━━ Excerpted data ━━

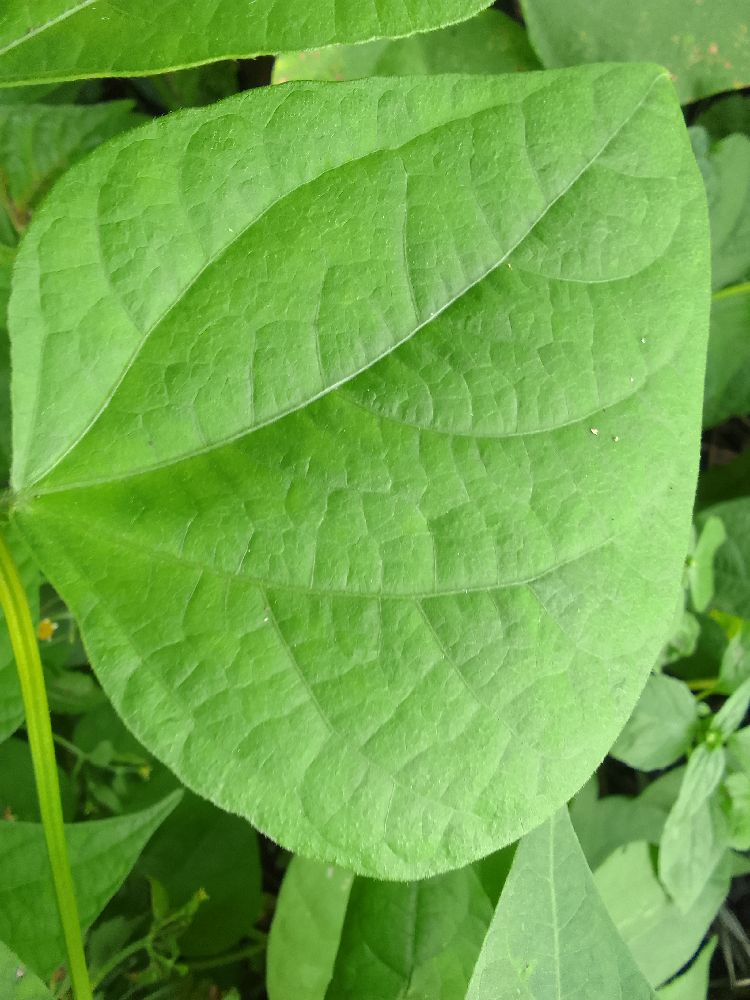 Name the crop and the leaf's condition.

common bean, healthy
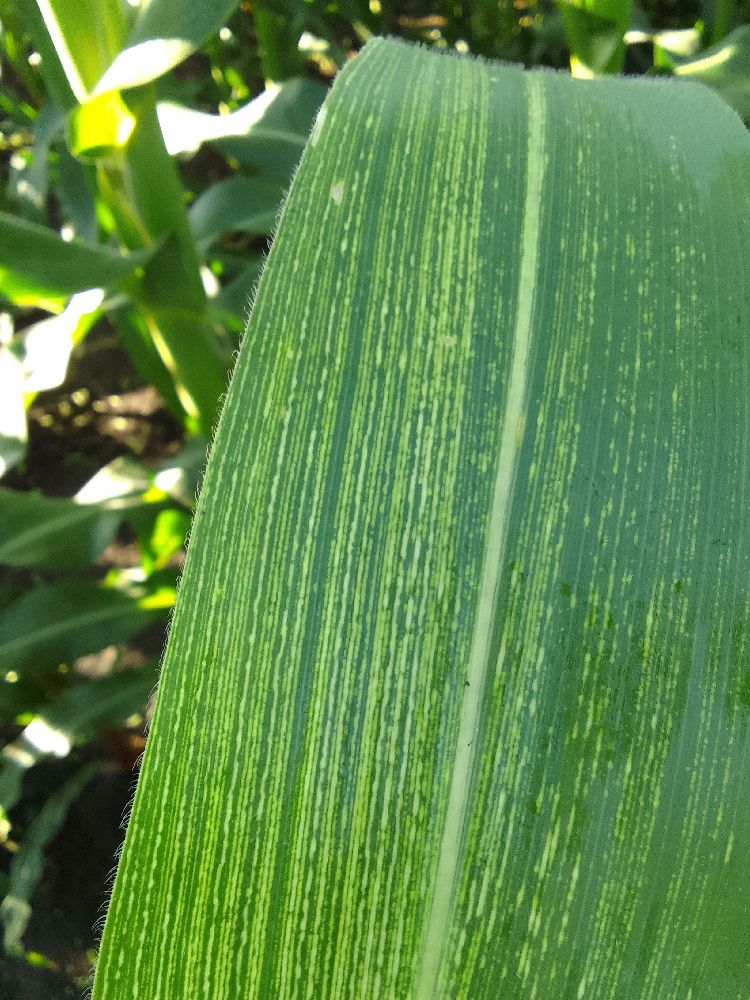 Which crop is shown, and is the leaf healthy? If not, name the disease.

maize, maize streak virus
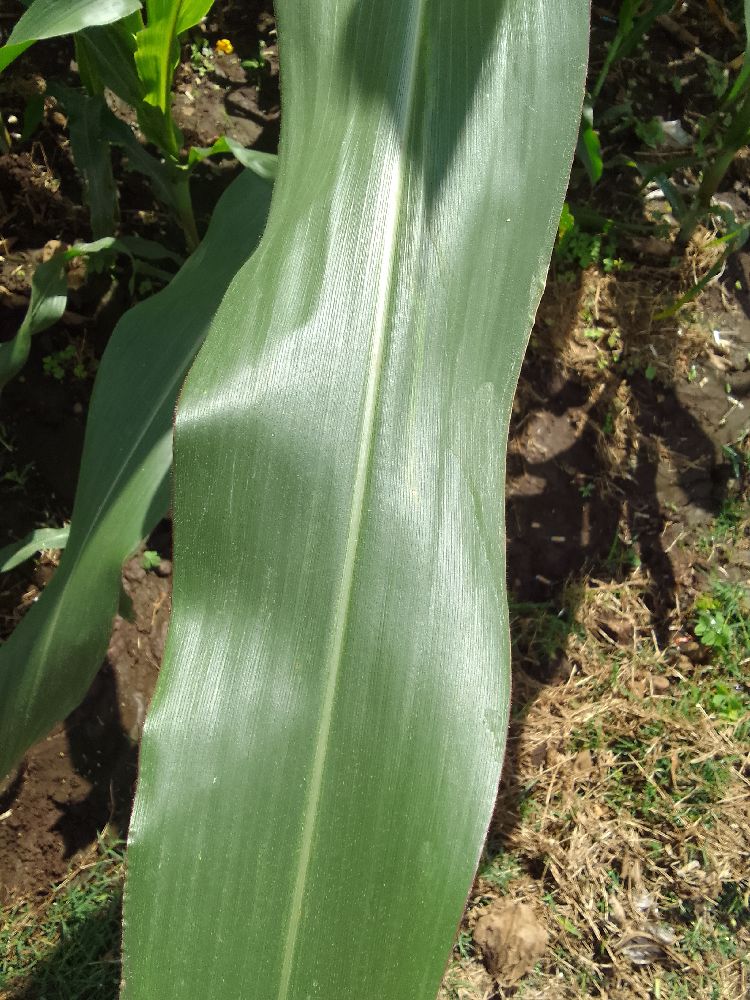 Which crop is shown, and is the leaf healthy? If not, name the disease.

maize, healthy
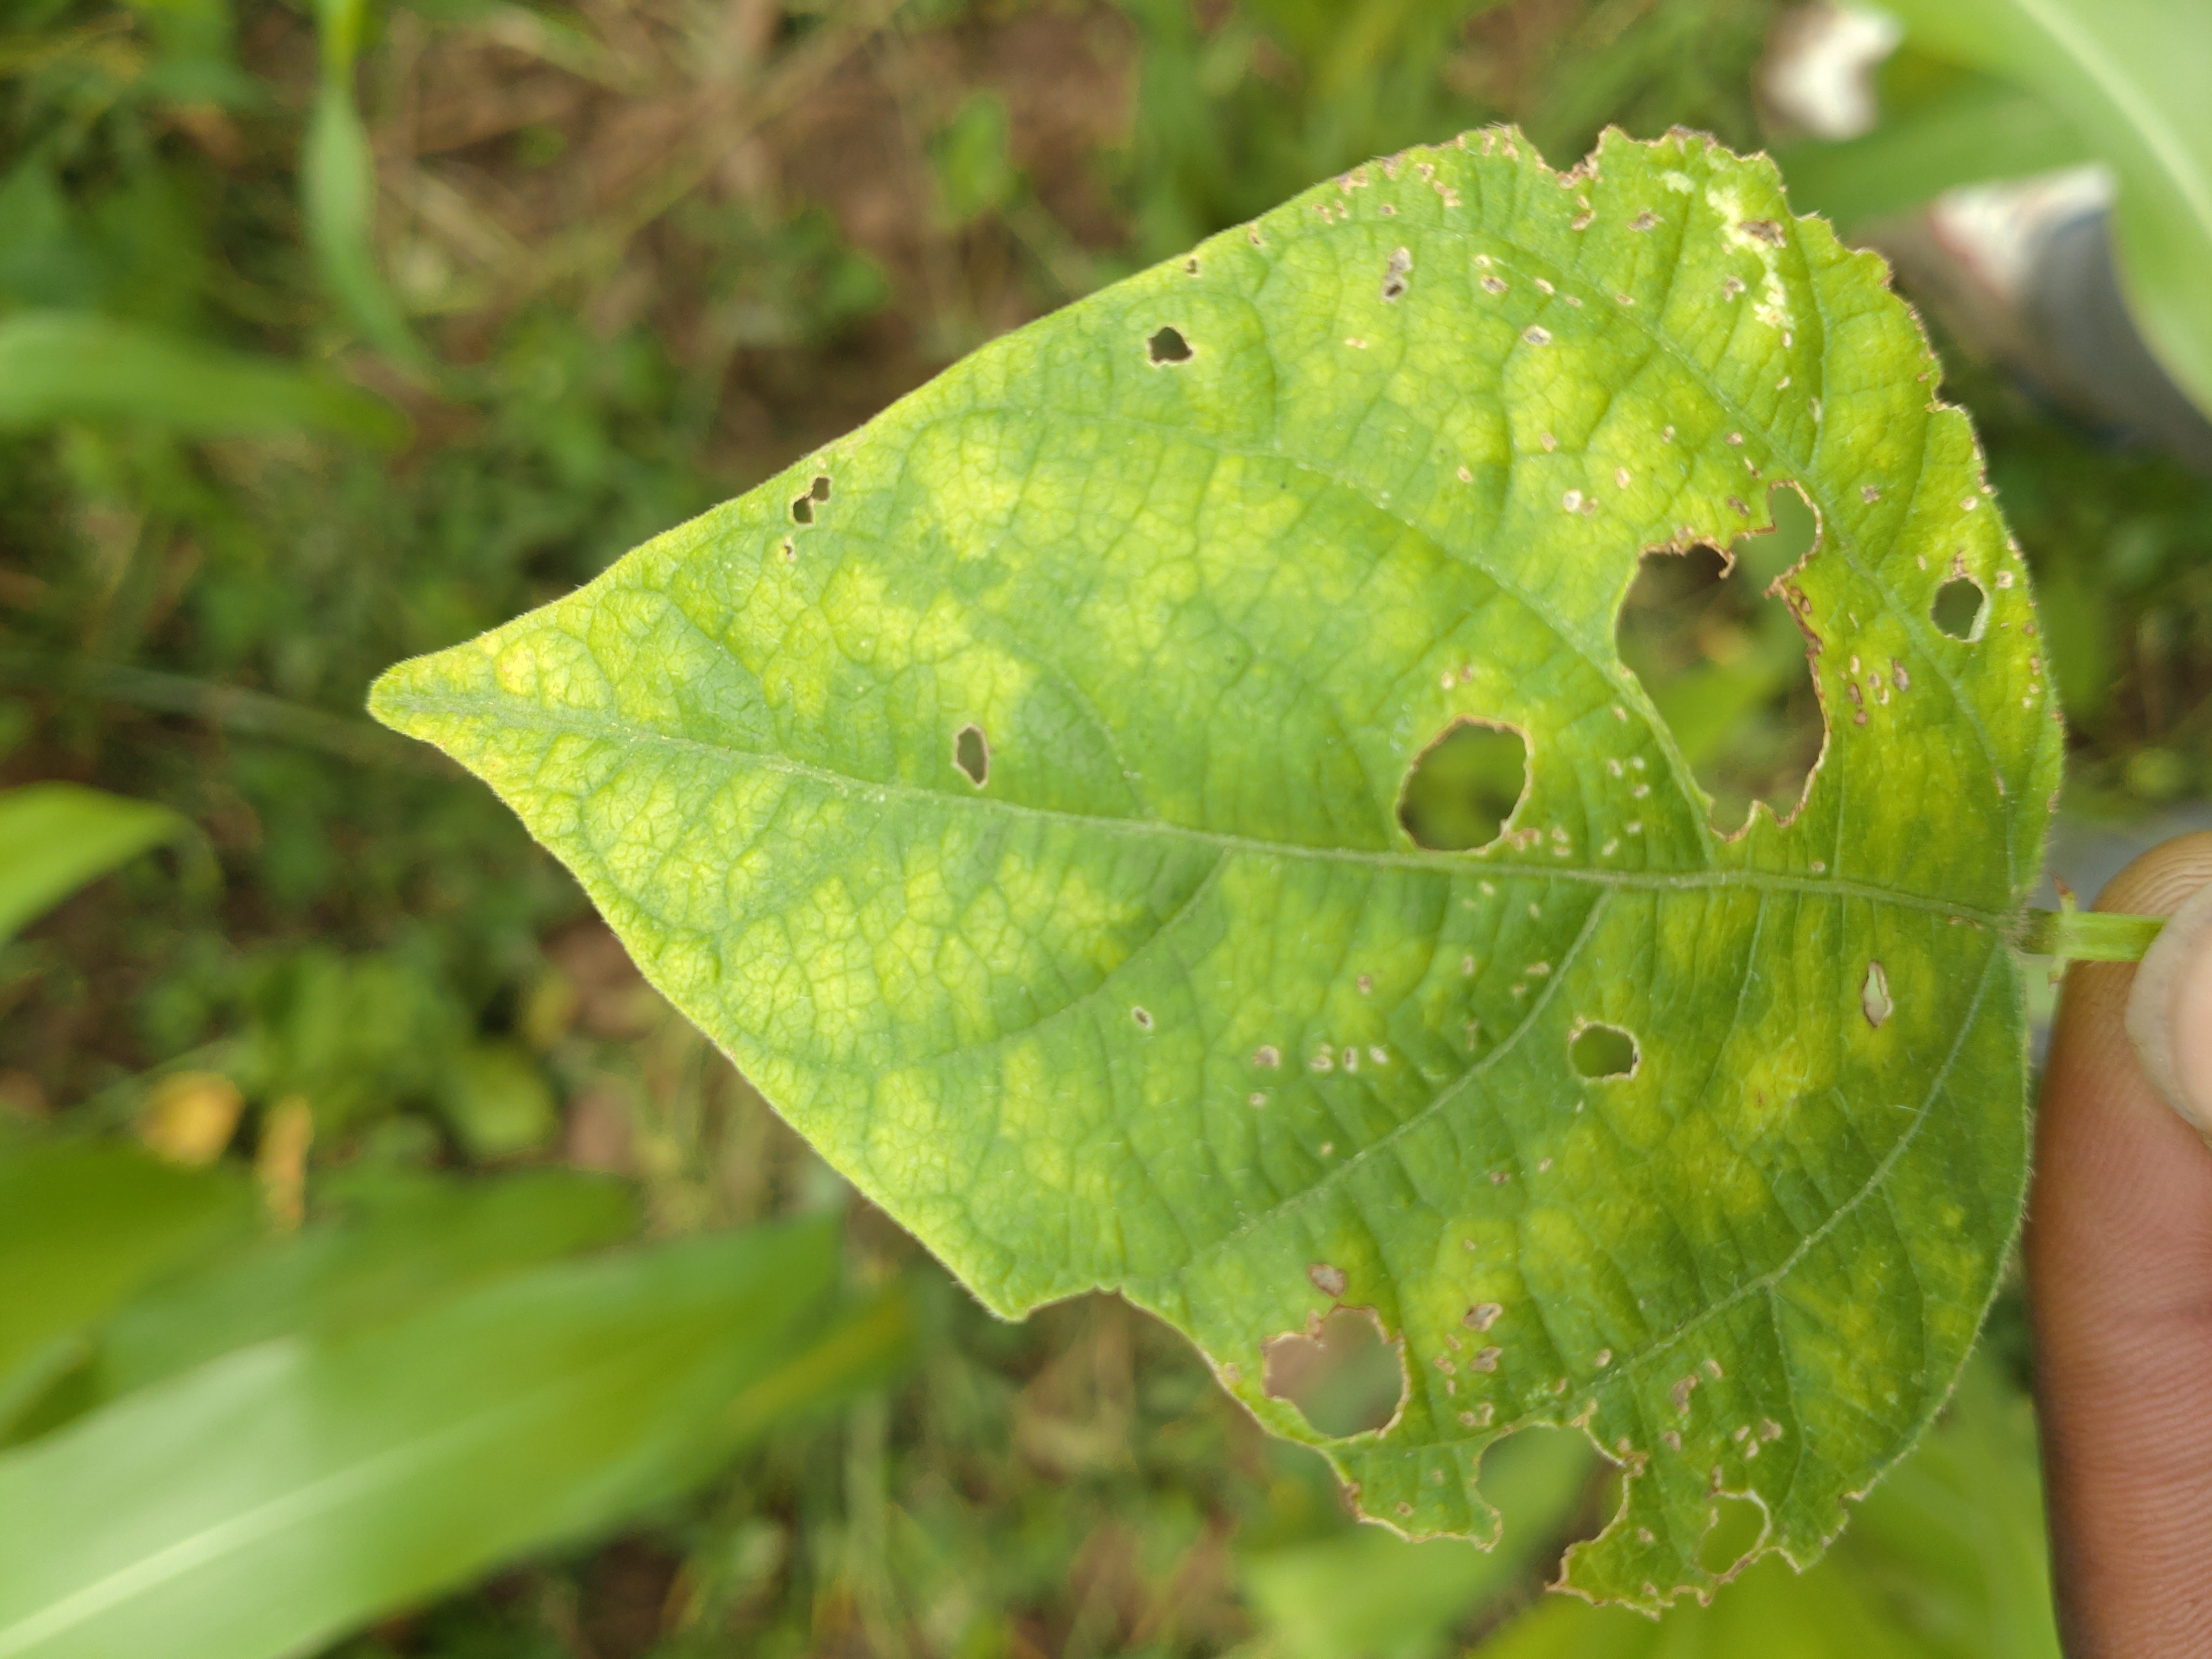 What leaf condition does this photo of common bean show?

rust
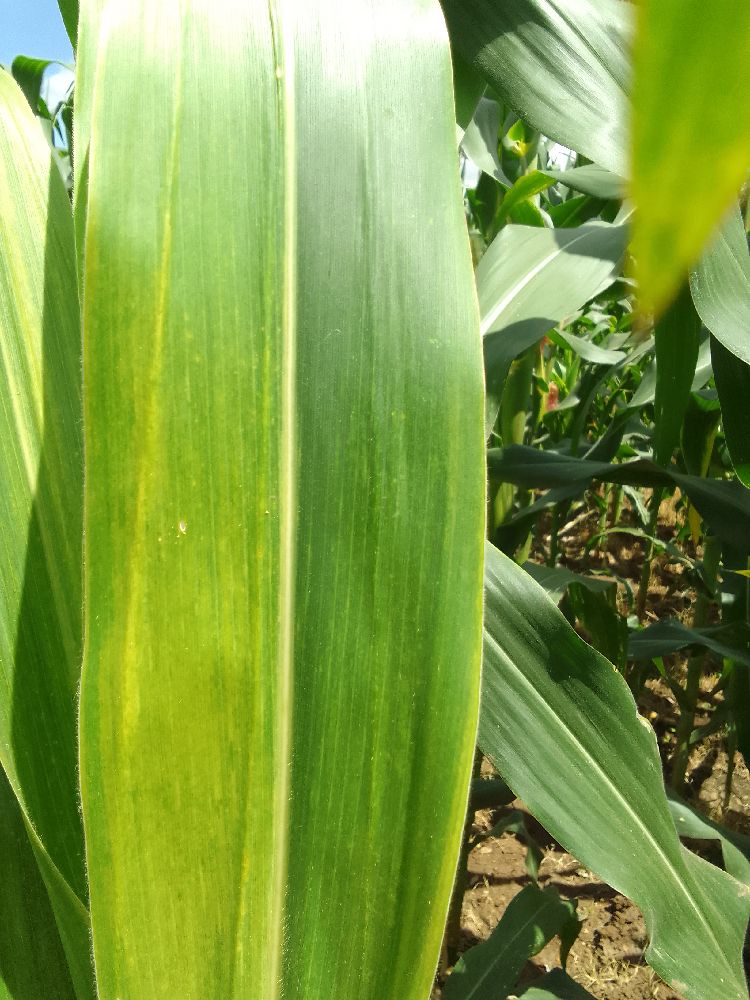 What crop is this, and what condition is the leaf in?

maize, maize lethal necrosis
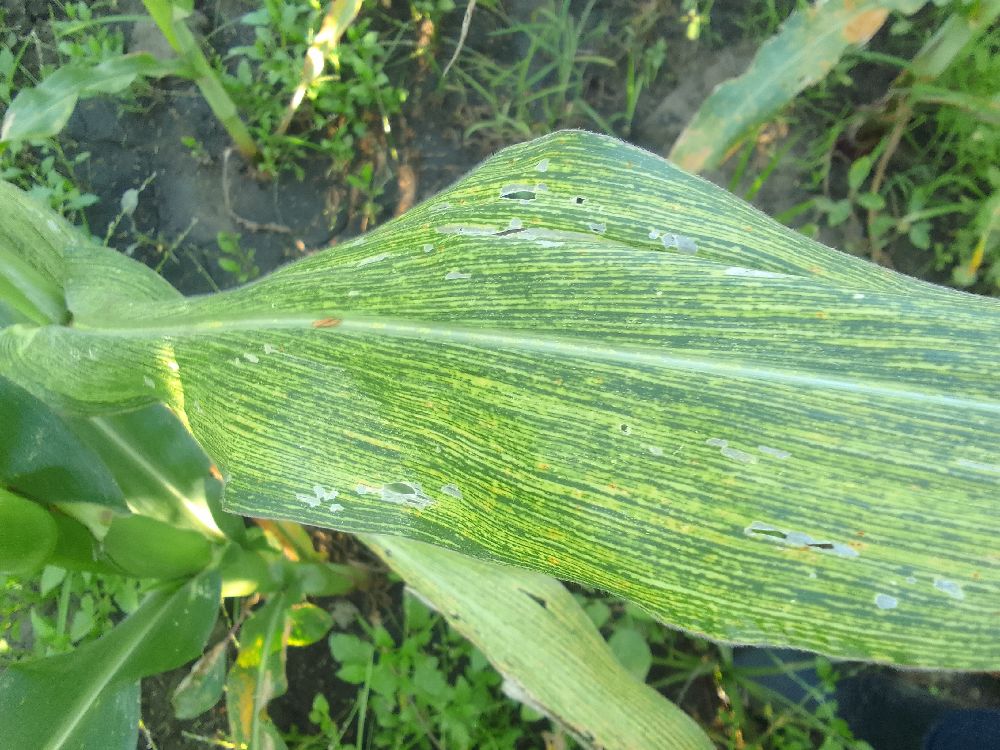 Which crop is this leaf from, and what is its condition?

maize, maize streak virus

━━━

Work order:
When you copy the records above, keep every word exact but leave out the pictures.

The completed task:
 Name the crop and the leaf's condition.

common bean, healthy
 Which crop is shown, and is the leaf healthy? If not, name the disease.

maize, maize streak virus
 Which crop is shown, and is the leaf healthy? If not, name the disease.

maize, healthy
 What leaf condition does this photo of common bean show?

rust
 What crop is this, and what condition is the leaf in?

maize, maize lethal necrosis
 Which crop is this leaf from, and what is its condition?

maize, maize streak virus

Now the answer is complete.